New York Department of Labor's Payroll Debit Card Regulations Deemed Invalid

In September 2016, the New York State Department of Labor (NYSDOL) issued regulations adding notice and consent requirements for employers who use payroll debit cards or direct deposit as a method of paying their employees. NYSDOL also issued additional regulations for employers using payroll debit cards, requiring them to:
  • provide access to at least one ATM within a reasonable distance from an employee’s place of employment or home that offers free withdrawals;
  • provide a method for withdrawing funds without paying a fee; and
  • ensure no fees are imposed on employees using the card for receipt of wages, point-of-sale transactions, overdrafts, account inactivity, statement production, account closing or replacement cards.
The regulations were to go into effect March 7, 2017; however, on February 16, the New York State Industrial Board of Appeals, an independent agency tasked with reviewing the reasonableness and validity of NYSDOL rules, determined that NYSDOL’s payroll debit card regulations were mostly invalid because they exceeded the scope of the agency’s rulemaking authority. While NYSDOL has the authority to create regulations necessary and proper to the enforcement of New York’s labor laws, the regulation of banks and financial institutions is within the sole purview of the Department of Financial Services. The board found the regulation of fees associated with payroll debit cards falls within the scope of the authority of the Department of Financial Services because the proposed regulations exceeded the employment relationship and stretched into the realm of banking law, which is outside NYSDOL’s sphere of competence and expertise.

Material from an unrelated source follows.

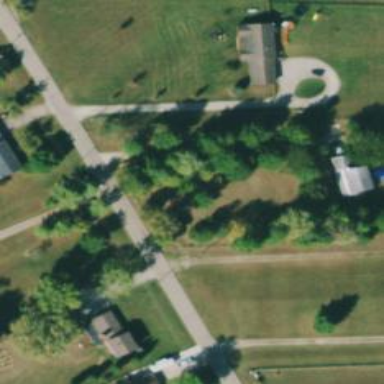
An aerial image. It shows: Driveway leading to service road.

The board recognized that the payroll debit card regulations were created in response to a legitimate concern—that low-wage workers without traditional bank accounts could be coerced into accepting payment via payroll debit cards, the use of which can significantly lower payroll costs for employers. To that end, the board upheld the portions of the regulations preventing employers from charging any direct or indirect fees to employees to access their wages. However, the portions of the regulations prohibiting financial institutions from charging fees to employees using payroll debit cards were overturned.

The board’s opinion did not affect the notice and consent requirements of the regulations. Those portions of the law went into effect in March 2017 as planned.